> **THE TASK**:
Count the lines holding the string "brick" in the records, and give only the count.

> **DATASET CONTENT**:
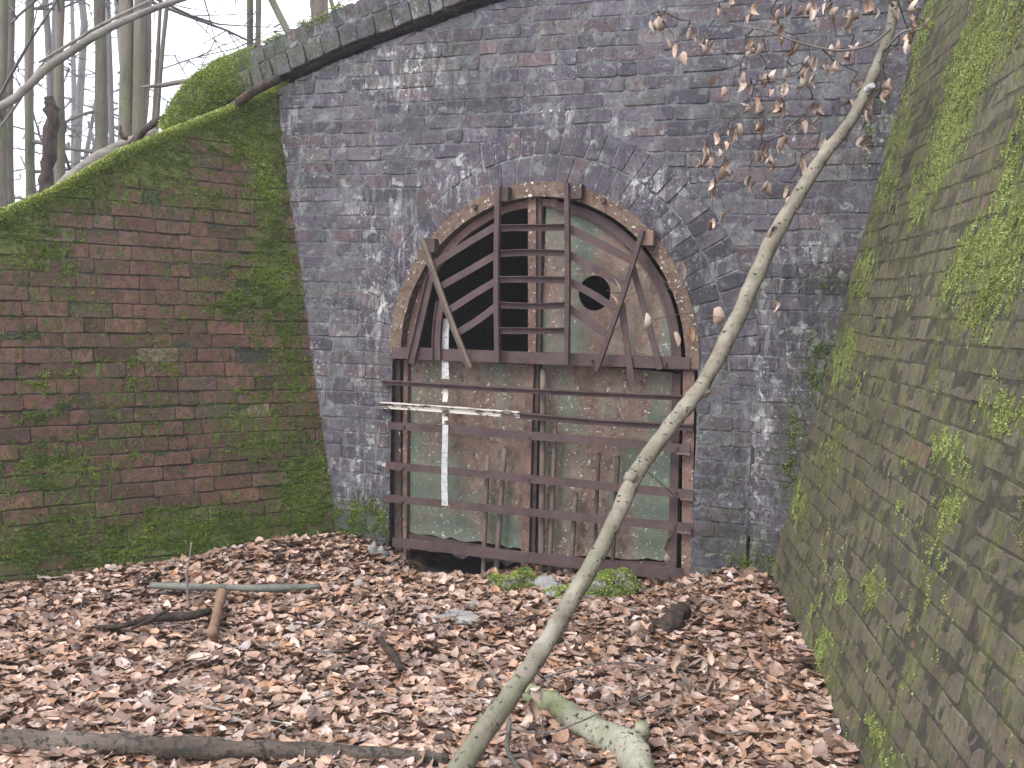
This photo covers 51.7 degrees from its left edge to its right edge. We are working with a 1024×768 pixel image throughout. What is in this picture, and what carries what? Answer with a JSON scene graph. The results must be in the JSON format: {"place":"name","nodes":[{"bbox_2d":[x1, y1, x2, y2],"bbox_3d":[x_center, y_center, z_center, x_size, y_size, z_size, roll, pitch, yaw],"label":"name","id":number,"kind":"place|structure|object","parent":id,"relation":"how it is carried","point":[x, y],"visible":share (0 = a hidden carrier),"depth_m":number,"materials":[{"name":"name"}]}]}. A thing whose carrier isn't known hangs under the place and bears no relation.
{"place":"outdoors","nodes":[
{"label":"outdoors","id":0,"kind":"place"},
{"bbox_2d":[0,0,186,128],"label":"hanging branch","id":1,"kind":"object","parent":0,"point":[89,37],"visible":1,"depth_m":5.86,"materials":[{"name":"grey plant"}]},
{"bbox_2d":[13,0,357,201],"label":"sky","id":2,"kind":"structure","parent":0,"point":[178,42],"materials":[{"name":"white"}]},
{"bbox_2d":[0,531,863,767],"bbox_3d":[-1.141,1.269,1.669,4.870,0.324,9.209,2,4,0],"label":"leaf litter","id":3,"kind":"object","parent":0,"point":[52,687],"visible":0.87,"depth_m":4.08,"materials":[{"name":"brown plant"}]},
{"bbox_2d":[71,652,106,662],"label":"fallen twig","id":4,"kind":"object","parent":3,"relation":"on","point":[87,658],"visible":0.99,"depth_m":3.96,"materials":[{"name":"wood"}]},
{"bbox_2d":[96,607,211,630],"bbox_3d":[-1.487,0.977,4.439,0.488,0.077,0.119,-2,6,-40],"label":"dead branch","id":5,"kind":"object","parent":3,"relation":"on","point":[162,616],"visible":1,"depth_m":4.46,"materials":[{"name":"brown wood"}]},
{"bbox_2d":[153,682,177,692],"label":"fallen twig","id":6,"kind":"object","parent":3,"relation":"on","point":[164,687],"visible":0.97,"depth_m":3.71,"materials":[{"name":"wood"}]},
{"bbox_2d":[145,624,187,627],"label":"fallen twig","id":7,"kind":"object","parent":3,"relation":"on","point":[164,624],"visible":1,"depth_m":4.41,"materials":[{"name":"wood"}]},
{"bbox_2d":[0,80,335,583],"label":"wing wall","id":8,"kind":"structure","parent":3,"relation":"on","point":[139,253],"depth_m":5.65,"materials":[{"name":"red brick"}]},
{"bbox_2d":[0,79,334,582],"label":"moss","id":9,"kind":"object","parent":8,"relation":"on","point":[266,283],"visible":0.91,"depth_m":5.76,"materials":[{"name":"green plant"}]},
{"bbox_2d":[228,75,280,106],"bbox_3d":[-1.574,-1.593,6.036,0.573,0.311,0.082,3,4,19],"label":"fallen branch","id":10,"kind":"object","parent":8,"relation":"on","point":[256,89],"visible":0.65,"depth_m":5.98,"materials":[{"name":"brown wood"}]},
{"bbox_2d":[169,659,203,670],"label":"fallen twig","id":11,"kind":"object","parent":3,"relation":"on","point":[185,664],"visible":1,"depth_m":3.96,"materials":[{"name":"wood"}]},
{"bbox_2d":[186,542,191,600],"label":"upright twig","id":12,"kind":"object","parent":3,"relation":"on","point":[187,584],"visible":0.94,"depth_m":4.89,"materials":[{"name":"grey wood"}]},
{"bbox_2d":[179,685,206,691],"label":"fallen twig","id":13,"kind":"object","parent":3,"relation":"on","point":[192,690],"visible":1,"depth_m":3.69,"materials":[{"name":"wood"}]},
{"bbox_2d":[189,654,210,659],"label":"fallen twig","id":14,"kind":"object","parent":3,"relation":"on","point":[199,657],"visible":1,"depth_m":4.02,"materials":[{"name":"wood"}]},
{"bbox_2d":[206,586,227,638],"bbox_3d":[-1.283,0.989,4.592,0.052,0.054,0.626,1,4,-11],"label":"stick","id":15,"kind":"object","parent":3,"relation":"on","point":[219,603],"visible":1,"depth_m":4.53,"materials":[{"name":"brown wood"}]},
{"bbox_2d":[0,728,448,765],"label":"log","id":16,"kind":"object","parent":3,"relation":"on","point":[205,748],"visible":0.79,"depth_m":3.23,"materials":[{"name":"wood"}]},
{"bbox_2d":[149,582,319,591],"bbox_3d":[-1.300,0.951,4.954,0.790,0.037,0.071,1,4,-5],"label":"stick","id":17,"kind":"object","parent":3,"relation":"on","point":[236,587],"visible":0.95,"depth_m":4.93,"materials":[{"name":"grey wood"}]},
{"bbox_2d":[261,719,295,727],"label":"fallen twig","id":18,"kind":"object","parent":3,"relation":"on","point":[277,722],"visible":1,"depth_m":3.45,"materials":[{"name":"wood"}]},
{"bbox_2d":[300,693,332,700],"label":"fallen twig","id":19,"kind":"object","parent":3,"relation":"on","point":[315,698],"visible":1,"depth_m":3.65,"materials":[{"name":"wood"}]},
{"bbox_2d":[306,650,349,651],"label":"fallen twig","id":20,"kind":"object","parent":3,"relation":"on","point":[327,650],"visible":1,"depth_m":4.19,"materials":[{"name":"grey wood"}]},
{"bbox_2d":[311,647,352,660],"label":"fallen twig","id":21,"kind":"object","parent":3,"relation":"on","point":[331,653],"visible":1,"depth_m":4.13,"materials":[{"name":"wood"}]},
{"bbox_2d":[315,630,355,645],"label":"fallen twig","id":22,"kind":"object","parent":3,"relation":"on","point":[333,636],"visible":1,"depth_m":4.34,"materials":[{"name":"wood"}]},
{"bbox_2d":[360,621,388,628],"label":"fallen twig","id":23,"kind":"object","parent":3,"relation":"on","point":[374,626],"visible":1,"depth_m":4.50,"materials":[{"name":"wood"}]},
{"bbox_2d":[358,617,391,628],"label":"fallen twig","id":24,"kind":"object","parent":3,"relation":"on","point":[372,624],"visible":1,"depth_m":4.52,"materials":[{"name":"grey wood"}]},
{"bbox_2d":[366,541,388,556],"bbox_3d":[-0.765,0.981,5.901,0.146,0.216,0.144,2,4,0],"label":"stone","id":25,"kind":"object","parent":3,"relation":"on","point":[372,547],"visible":0.31,"depth_m":5.88,"materials":[{"name":"grey stone"}]},
{"bbox_2d":[378,691,401,697],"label":"fallen twig","id":26,"kind":"object","parent":3,"relation":"on","point":[388,694],"visible":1,"depth_m":3.73,"materials":[{"name":"wood"}]},
{"bbox_2d":[378,636,403,671],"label":"dead branch","id":27,"kind":"object","parent":3,"relation":"on","point":[390,652],"visible":1,"depth_m":4.11,"materials":[{"name":"brown wood"}]},
{"bbox_2d":[431,658,469,661],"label":"fallen twig","id":28,"kind":"object","parent":3,"relation":"on","point":[447,661],"visible":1,"depth_m":4.15,"materials":[{"name":"wood"}]},
{"bbox_2d":[434,609,492,631],"bbox_3d":[-0.237,1.073,4.694,0.382,0.115,0.218,2,4,0],"label":"flat stone","id":29,"kind":"object","parent":3,"relation":"on","point":[467,616],"visible":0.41,"depth_m":4.67,"materials":[{"name":"white stone"}]},
{"bbox_2d":[435,619,502,689],"bbox_3d":[-0.146,1.042,4.077,0.060,0.087,0.678,0,5,-26],"label":"thin twig","id":30,"kind":"object","parent":3,"relation":"on","point":[488,667],"visible":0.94,"depth_m":4.06,"materials":[{"name":"wood"}]},
{"bbox_2d":[466,699,490,704],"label":"fallen twig","id":31,"kind":"object","parent":3,"relation":"on","point":[477,701],"visible":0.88,"depth_m":3.68,"materials":[{"name":"grey wood"}]},
{"bbox_2d":[505,715,520,767],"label":"curved twig","id":32,"kind":"object","parent":3,"relation":"on","point":[514,762],"visible":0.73,"depth_m":3.24,"materials":[{"name":"grey wood"}]},
{"bbox_2d":[487,567,539,592],"bbox_3d":[0.026,1.057,5.351,0.287,0.249,0.247,1,4,-11],"label":"mossy stone","id":33,"kind":"object","parent":3,"relation":"on","point":[522,577],"visible":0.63,"depth_m":5.30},
{"bbox_2d":[520,675,543,730],"bbox_3d":[0.082,1.061,3.526,0.076,0.176,0.130,3,4,20],"label":"leafy shoot","id":34,"kind":"object","parent":3,"relation":"on","point":[537,695],"visible":0.98,"depth_m":3.52,"materials":[{"name":"beige plant"}]},
{"bbox_2d":[532,575,563,589],"bbox_3d":[0.172,1.072,5.340,0.236,0.214,0.195,4,5,28],"label":"stone","id":35,"kind":"object","parent":3,"relation":"on","point":[544,582],"visible":0.22,"depth_m":5.32,"materials":[{"name":"grey stone"}]},
{"bbox_2d":[541,583,597,599],"bbox_3d":[0.270,1.081,5.184,0.334,0.206,0.258,0,5,-24],"label":"mossy stone","id":36,"kind":"object","parent":3,"relation":"on","point":[554,591],"visible":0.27,"depth_m":5.16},
{"bbox_2d":[568,676,601,691],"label":"fallen twig","id":37,"kind":"object","parent":3,"relation":"on","point":[583,682],"visible":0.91,"depth_m":3.93,"materials":[{"name":"wood"}]},
{"bbox_2d":[522,683,654,767],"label":"forked log","id":38,"kind":"object","parent":3,"relation":"on","point":[628,747],"visible":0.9,"depth_m":3.37,"materials":[{"name":"beige wood"}]},
{"bbox_2d":[511,687,665,733],"bbox_3d":[0.328,1.089,3.542,0.699,0.057,0.172,-1,5,-37],"label":"thin twig","id":39,"kind":"object","parent":38,"relation":"on","point":[531,732],"visible":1,"depth_m":3.38,"materials":[{"name":"wood"}]},
{"bbox_2d":[570,567,650,597],"bbox_3d":[0.465,1.078,5.294,0.494,0.340,0.314,2,4,11],"label":"mossy mound","id":40,"kind":"object","parent":3,"relation":"on","point":[611,582],"visible":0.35,"depth_m":5.22,"materials":[{"name":"green plant"}]},
{"bbox_2d":[544,662,708,677],"bbox_3d":[0.436,1.063,3.946,0.645,0.057,0.014,1,4,-10],"label":"thin twig","id":41,"kind":"object","parent":3,"relation":"on","point":[546,676],"visible":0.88,"depth_m":3.92,"materials":[{"name":"wood"}]},
{"bbox_2d":[624,682,640,708],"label":"leafy shoot","id":42,"kind":"object","parent":3,"relation":"on","point":[634,694],"visible":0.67,"depth_m":3.74,"materials":[{"name":"beige plant"}]},
{"bbox_2d":[629,622,657,644],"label":"leafy shoot","id":43,"kind":"object","parent":3,"relation":"on","point":[635,627],"visible":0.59,"depth_m":4.46,"materials":[{"name":"beige plant"}]},
{"bbox_2d":[631,665,668,673],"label":"fallen twig","id":44,"kind":"object","parent":3,"relation":"on","point":[647,669],"visible":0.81,"depth_m":4.08,"materials":[{"name":"wood"}]},
{"bbox_2d":[635,708,668,719],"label":"fallen twig","id":45,"kind":"object","parent":3,"relation":"on","point":[650,714],"visible":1,"depth_m":3.58,"materials":[{"name":"wood"}]},
{"bbox_2d":[648,602,690,638],"bbox_3d":[0.677,1.069,4.616,0.132,0.186,0.292,6,6,43],"label":"rock","id":46,"kind":"object","parent":3,"relation":"on","point":[674,616],"visible":0.62,"depth_m":4.60,"materials":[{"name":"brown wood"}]},
{"bbox_2d":[670,644,692,700],"bbox_3d":[0.615,1.046,3.833,0.070,0.192,0.079,4,5,32],"label":"leafy shoot","id":47,"kind":"object","parent":3,"relation":"on","point":[675,664],"visible":0.95,"depth_m":3.83,"materials":[{"name":"beige plant"}]},
{"bbox_2d":[671,681,703,688],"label":"fallen twig","id":48,"kind":"object","parent":3,"relation":"on","point":[683,684],"visible":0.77,"depth_m":3.97,"materials":[{"name":"wood"}]},
{"bbox_2d":[447,0,933,767],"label":"leaning sapling","id":49,"kind":"object","parent":3,"relation":"on","point":[485,728],"visible":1,"depth_m":4.17,"materials":[{"name":"brown wood"}]},
{"bbox_2d":[697,651,725,692],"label":"leafy shoot","id":50,"kind":"object","parent":3,"relation":"on","point":[707,663],"visible":1,"depth_m":3.92,"materials":[{"name":"beige plant"}]},
{"bbox_2d":[699,597,730,609],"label":"fallen twig","id":51,"kind":"object","parent":3,"relation":"on","point":[713,602],"visible":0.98,"depth_m":4.84,"materials":[{"name":"wood"}]},
{"bbox_2d":[720,731,760,733],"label":"fallen twig","id":52,"kind":"object","parent":3,"relation":"on","point":[738,732],"visible":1,"depth_m":3.44,"materials":[{"name":"wood"}]},
{"bbox_2d":[770,0,1023,767],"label":"wing wall","id":53,"kind":"structure","parent":3,"relation":"on","point":[962,706],"depth_m":3.32,"materials":[{"name":"brown brick"}]},
{"bbox_2d":[771,0,1023,767],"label":"moss","id":54,"kind":"object","parent":53,"relation":"on","point":[956,97],"visible":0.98,"depth_m":3.53,"materials":[{"name":"green plant"}]},
{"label":"hillside","id":55,"kind":"structure","parent":0,"visible":0},
{"bbox_2d":[6,0,43,204],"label":"tree","id":56,"kind":"object","parent":55,"relation":"on","point":[13,17],"visible":0.49,"depth_m":11.25,"materials":[{"name":"grey wood"}]},
{"bbox_2d":[0,0,58,208],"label":"tree","id":57,"kind":"object","parent":55,"relation":"on","point":[4,81],"visible":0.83,"depth_m":9.54,"materials":[{"name":"grey wood"}]},
{"bbox_2d":[38,96,59,191],"bbox_3d":[-3.542,-1.782,8.076,0.212,0.824,0.124,5,5,35],"label":"broken trunk","id":58,"kind":"object","parent":55,"relation":"on","point":[51,125],"visible":0.88,"depth_m":8.04,"materials":[{"name":"brown wood"}]},
{"bbox_2d":[53,0,70,182],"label":"tree","id":59,"kind":"object","parent":55,"relation":"on","point":[62,158],"visible":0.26,"depth_m":10.54,"materials":[{"name":"grey wood"}]},
{"bbox_2d":[14,0,118,192],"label":"tree","id":60,"kind":"object","parent":55,"relation":"on","point":[53,40],"visible":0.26,"depth_m":22.60,"materials":[{"name":"grey wood"}]},
{"bbox_2d":[14,0,119,198],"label":"tree","id":61,"kind":"object","parent":55,"relation":"on","point":[48,47],"visible":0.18,"depth_m":17.55,"materials":[{"name":"grey wood"}]},
{"bbox_2d":[14,0,163,201],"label":"wood","id":62,"kind":"object","parent":55,"relation":"on","point":[78,88],"visible":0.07,"depth_m":30.69,"materials":[{"name":"grey plant"}]},
{"bbox_2d":[54,129,157,184],"bbox_3d":[-2.668,-1.348,6.769,0.882,0.564,0.116,3,4,11],"label":"fallen log","id":63,"kind":"object","parent":55,"relation":"on","point":[96,155],"visible":0.33,"depth_m":6.70,"materials":[{"name":"grey wood"}]},
{"bbox_2d":[106,0,117,144],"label":"tree","id":64,"kind":"object","parent":55,"relation":"on","point":[111,131],"visible":0.4,"depth_m":18.82,"materials":[{"name":"grey wood"}]},
{"bbox_2d":[8,0,261,46],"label":"tree","id":65,"kind":"object","parent":55,"relation":"on","point":[250,21],"visible":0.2,"depth_m":11.11,"materials":[{"name":"grey wood"}]},
{"bbox_2d":[16,0,254,160],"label":"tree","id":66,"kind":"object","parent":55,"relation":"on","point":[100,110],"visible":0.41,"depth_m":10.76,"materials":[{"name":"grey wood"}]},
{"bbox_2d":[24,0,254,197],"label":"tree","id":67,"kind":"object","parent":55,"relation":"on","point":[30,143],"visible":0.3,"depth_m":12.21,"materials":[{"name":"grey wood"}]},
{"bbox_2d":[116,0,169,109],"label":"tree","id":68,"kind":"object","parent":55,"relation":"on","point":[117,1],"visible":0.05,"depth_m":12.44,"materials":[{"name":"grey wood"}]},
{"bbox_2d":[119,106,171,145],"bbox_3d":[-2.203,-1.559,6.487,0.501,0.299,0.312,2,4,0],"label":"dead root","id":69,"kind":"object","parent":55,"relation":"on","point":[143,130],"visible":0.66,"depth_m":6.44,"materials":[{"name":"brown wood"}]},
{"bbox_2d":[118,0,308,140],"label":"tree","id":70,"kind":"object","parent":55,"relation":"on","point":[135,52],"visible":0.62,"depth_m":9.00,"materials":[{"name":"grey wood"}]},
{"bbox_2d":[141,78,187,87],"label":"snag branch","id":71,"kind":"object","parent":70,"relation":"attached to","point":[170,83],"visible":0.62,"depth_m":7.79,"materials":[{"name":"grey plant"}]},
{"bbox_2d":[88,0,349,130],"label":"tree","id":72,"kind":"object","parent":55,"relation":"on","point":[159,57],"visible":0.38,"depth_m":10.00,"materials":[{"name":"grey wood"}]},
{"bbox_2d":[268,0,345,32],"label":"tree","id":73,"kind":"object","parent":55,"relation":"on","point":[279,16],"visible":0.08,"depth_m":9.12,"materials":[{"name":"grey wood"}]},
{"bbox_2d":[311,0,327,19],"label":"tree","id":74,"kind":"object","parent":55,"relation":"on","point":[318,7],"visible":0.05,"depth_m":10.16,"materials":[{"name":"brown wood"}]},
{"bbox_2d":[161,0,925,577],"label":"tunnel portal","id":75,"kind":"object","parent":55,"relation":"on","point":[407,126],"visible":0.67,"depth_m":5.55,"materials":[{"name":"grey brick"}]},
{"bbox_2d":[157,4,877,573],"bbox_3d":[-0.187,-0.650,5.952,4.186,3.610,0.428,3,4,19],"label":"moss","id":76,"kind":"object","parent":75,"relation":"attached to","point":[163,124],"visible":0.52,"depth_m":6.20,"materials":[{"name":"green plant"}]},
{"bbox_2d":[380,181,699,579],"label":"iron gate","id":77,"kind":"structure","parent":75,"relation":"attached to","point":[534,458],"depth_m":5.74,"materials":[{"name":"metal"}]}
]}

> **SOLUTION FOR THIS PROBLEM**:
3